44 S.E. 526, 53 W. Va. 298, 1903 W. Va. LEXIS 28
CourtWest Virginia Supreme Court
DecidedApril 1, 1903
StatusPublished
Cited by7 cases

This text of 44 S.E. 526 (Mathews v. Tyree) is published on Counsel Stack Legal Research, covering West Virginia Supreme Court primary law. Counsel Stack provides free access to over 12 million legal documents including statutes, case law, regulations, and constitutions.

Bluebook
Mathews v. Tyree, 44 S.E. 526, 53 W. Va. 298, 1903 W. Va. LEXIS 28 (W. Va. 1903).

Opinion

DeNt, Judge:

William P. Bolling and others appeal from certain decrees of the circuit court of Greenbrier county in the chancery cause of Alexander Mathews and J. W. Johnston, executors of the last will and testament of Wm. M. Tyree, plaintiff, against the appellants and others, defendants, and rely on numerous assignments of error which may be-considered under the following classification:

1. In adjudicating the validity of the will in this suit.

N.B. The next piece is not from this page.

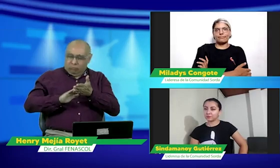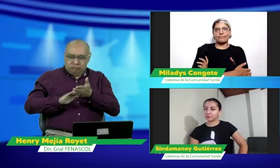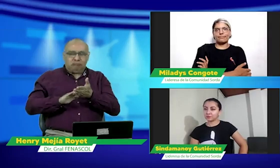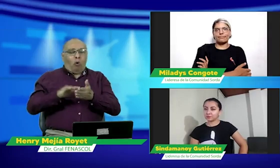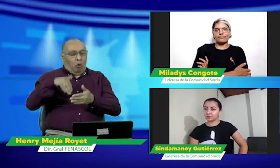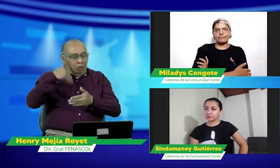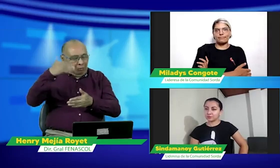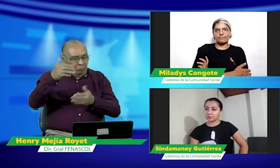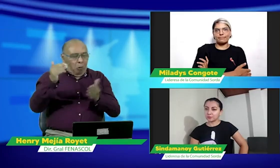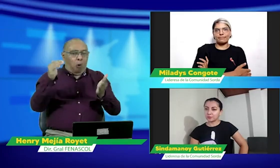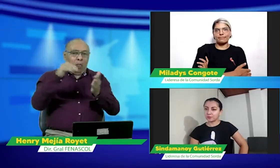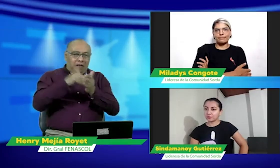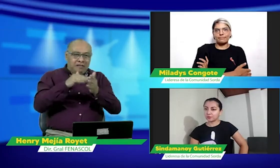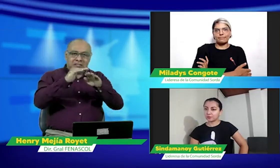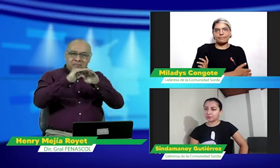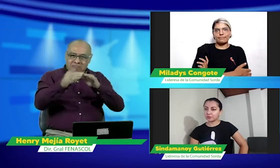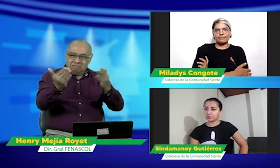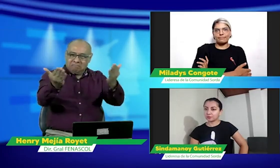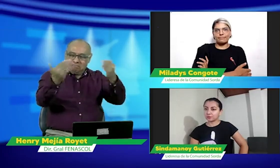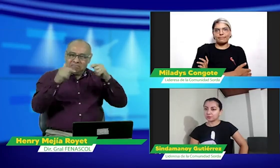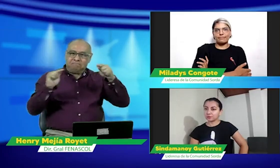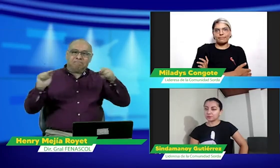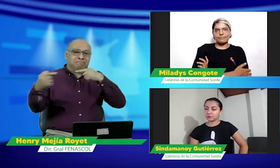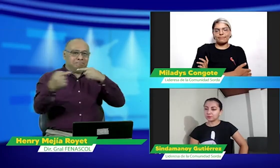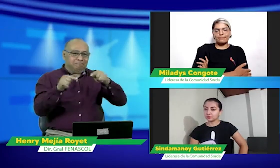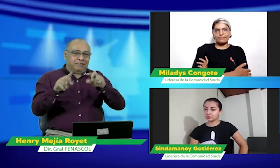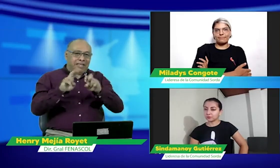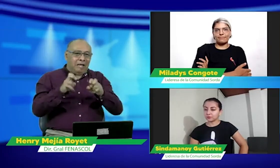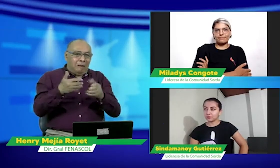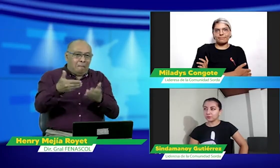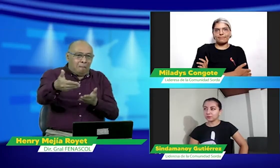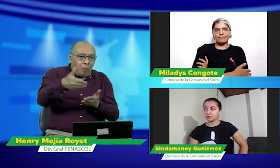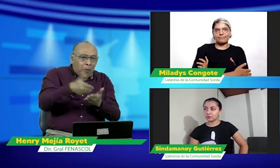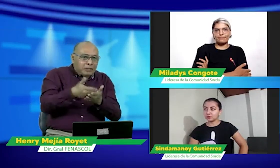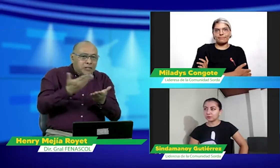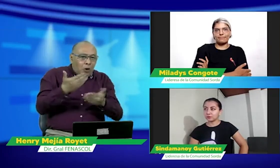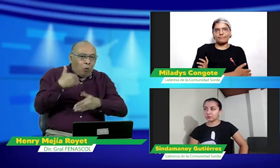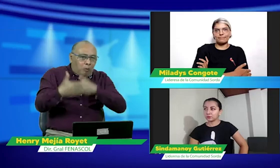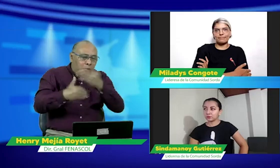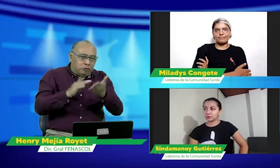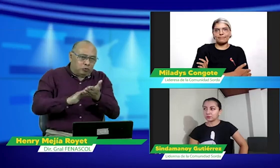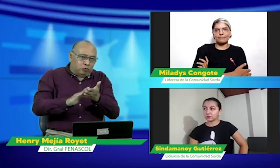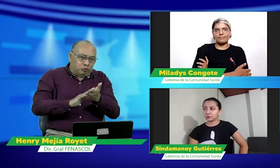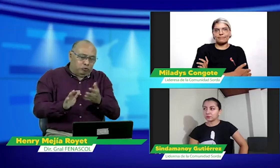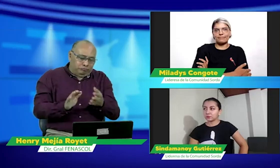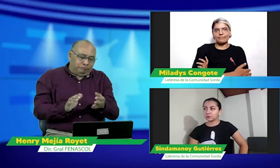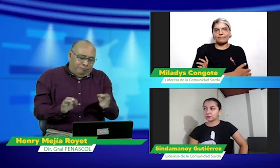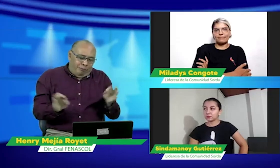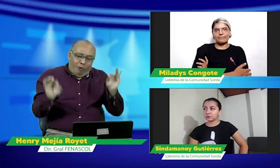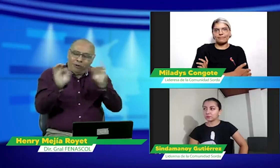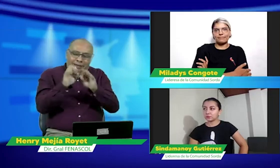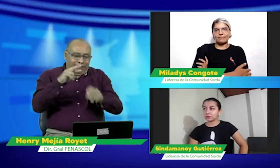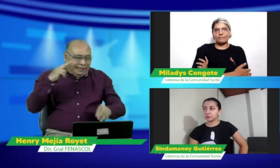remitirnos también a la historia a ver qué ha pasado y cómo se puede lograr una solución y pues de seguro

2. In erroneously adjudicating the validity of the will on the pleadings and without affording the parties opportunity to produce their proof.

3. In not suspending proceedings until the validity of the will could be determined in a subsequent suit instituted by Mollie T. Tyree, one of the defendants in the circuit court of the United States for the Southern District of West Virginia at Charleston for this purpose.

4. In deciding that Davis and Priddle claims were properly payable out of the personal fund rather than the proceeds of the real estate sold to J. L. Beury.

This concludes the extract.